The main hormonal component of the contraceptive pills my parents were using is norethisterone acetate, a progestin, whereas DES is an estrogen. What estrogens and progestins both have in common is that they are female hormone derivatives, and are basically completely incompatible with masculinity. Both types of hormone have the ability to disrupt testicular hormone production at quite modest doses, well below those commonly used for medical treatment for women.
DES was for many years used to chemically castrate men suffering from hormone-sensitive prostate cancer, while progestins are commonly used for chemical castration of sex offenders and transsexuals. If they also suppress testosterone in a male fetus, then any use of them during a pregnancy of a male child carries a risk of creating a baby who developed as the wrong sex for part of the pregnancy. This is what I think happened to me, and to the DES sons.

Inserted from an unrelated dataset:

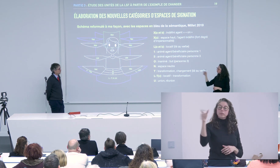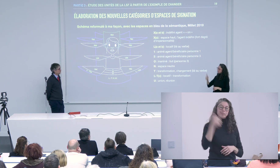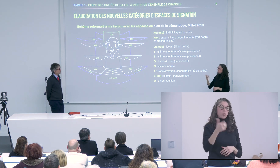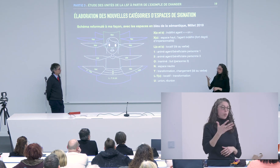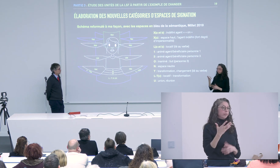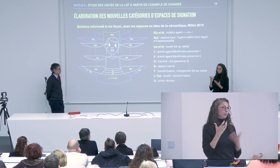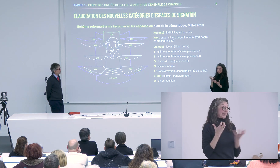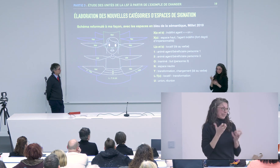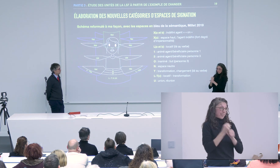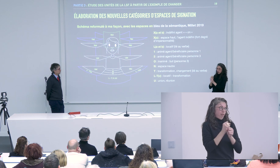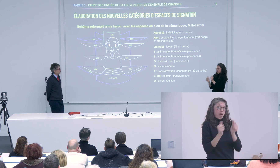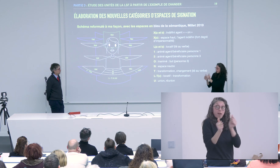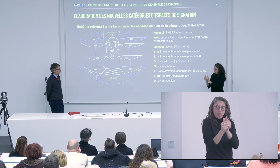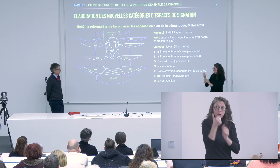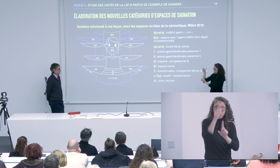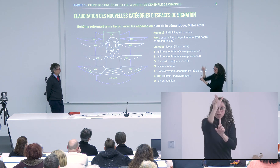c'était une première limite

For nearly two years I’ve been trying to find out as much as I can about DES sons, reading their personal accounts of how they’ve been affected and chatting with them online. Among the ones I’ve had contact with or whose life stories I’ve read, there seems to be a very high incidence of both intersex-related genital abnormalities and gender dysphoria. As a group they seem to commonly experience many of the same problems I have (a genital abnormality, feminized behaviour as a teenager, low testosterone and problems with hormones, gender variance). The key difference is that on the whole they seem to be far more psychologically female than I am (which is exactly what you’d expect, considering that their exposure was for a much larger part of the pregnancy than mine). I think it’s quite likely that for most of them, their testosterone production was completely suppressed and they were developing as female throughout the time their mothers were on the drug!

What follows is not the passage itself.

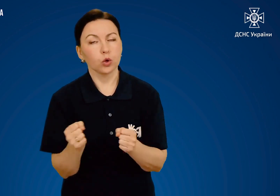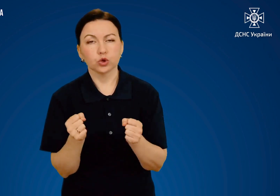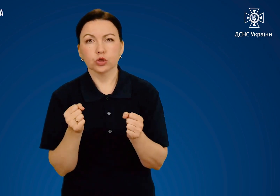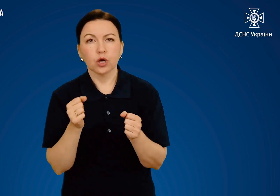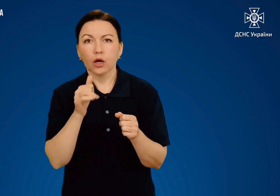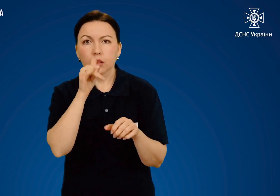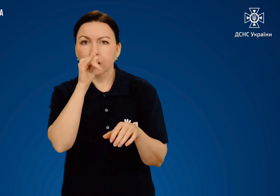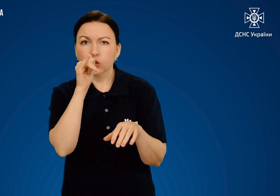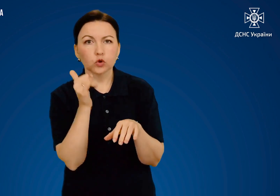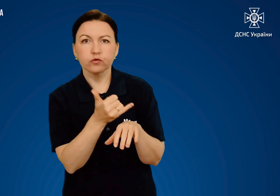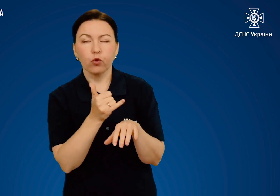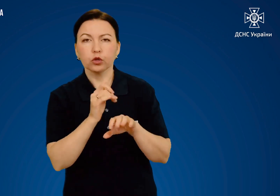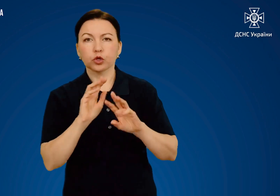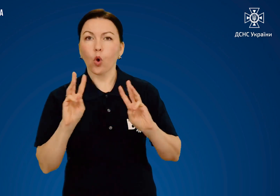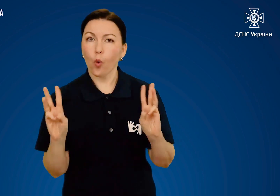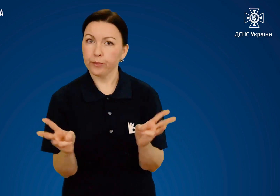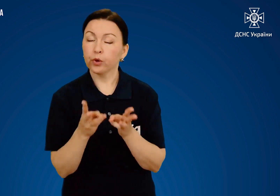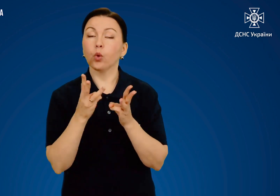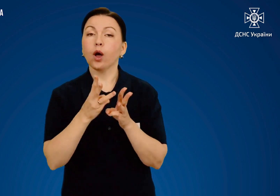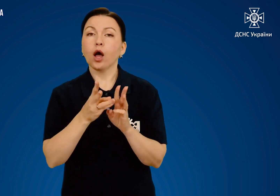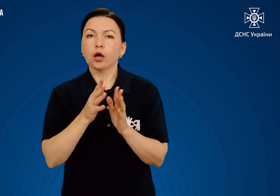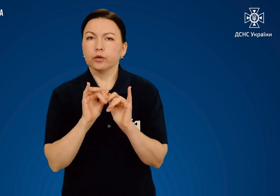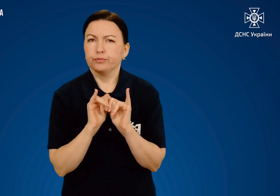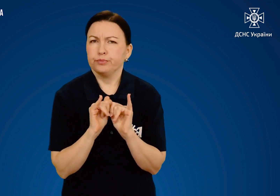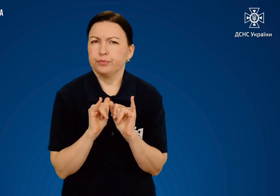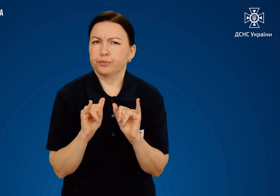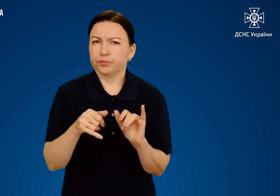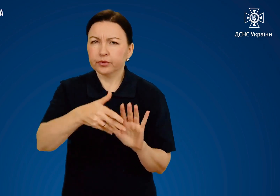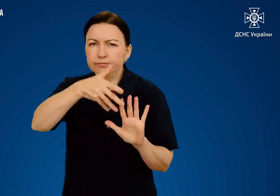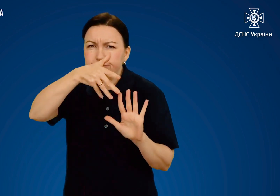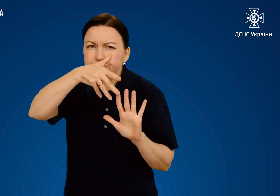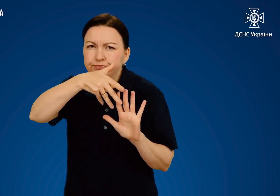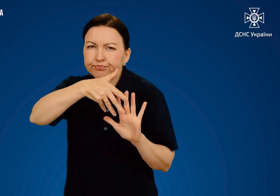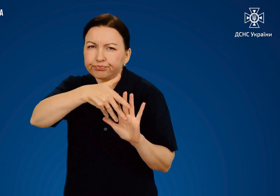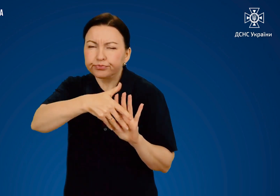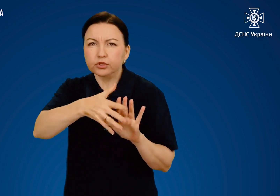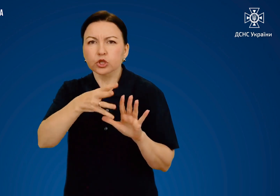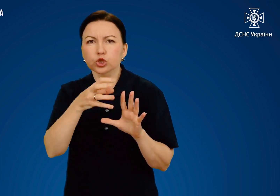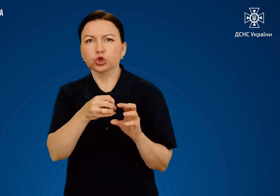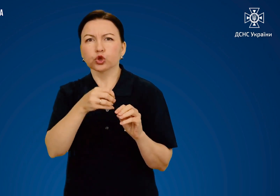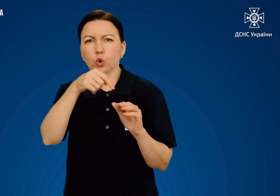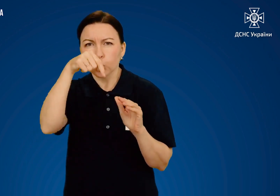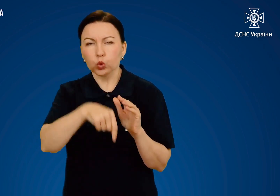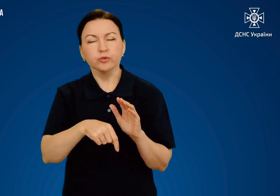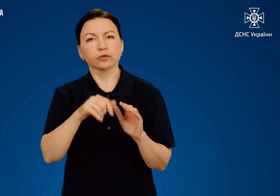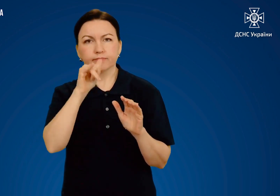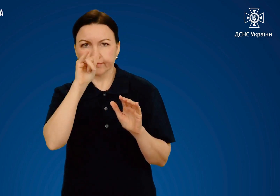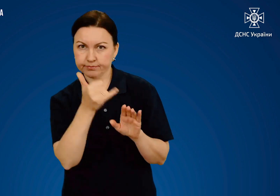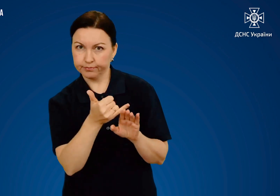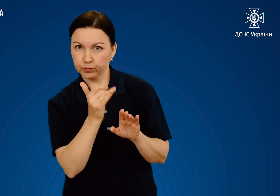Охолодження не дозволить опіку поширитися в глибокі шари ураженої ділянки.

DES and all other estrogens were withdrawn from use in pregnancy 30 years ago, however, treatments for prevention of miscarriage, based on progestins rather than estrogens, continue to be used to the present day. One of these involves a progestin called hydroxyprogesterone caproate, given as a weekly intramuscular injection of either 250mg or 500mg, starting 16 weeks into the pregnancy – just around the time I think my hormone exposure occurred. The difference is that this treatment continues to be administered for the remainder of the pregnancy. If this drug does suppress testosterone production in a male fetus, then it’s hard to imagine a treatment better suited to creating as baby with a male body but a female brain! I’m fairly sure that if you gave an adult man 250mg per week of this drug, his testosterone production would be seriously impaired. Why wouldn’t the same happen to a male fetus?
Females Affected Too
In this article, I’ve only been looking at the effects of artificial sex hormones on a male fetus, however it’s likely that, under the right circumstances, a female fetus could be affected too. This could happen if the external hormone mimics the action of testosterone (e.g.progestin induced virilization), or if it disrupts endogenous hormone production in a way that causes excessive androgens to be produced (hyperandrogenism).
Postscript: This article was published previously September 2013.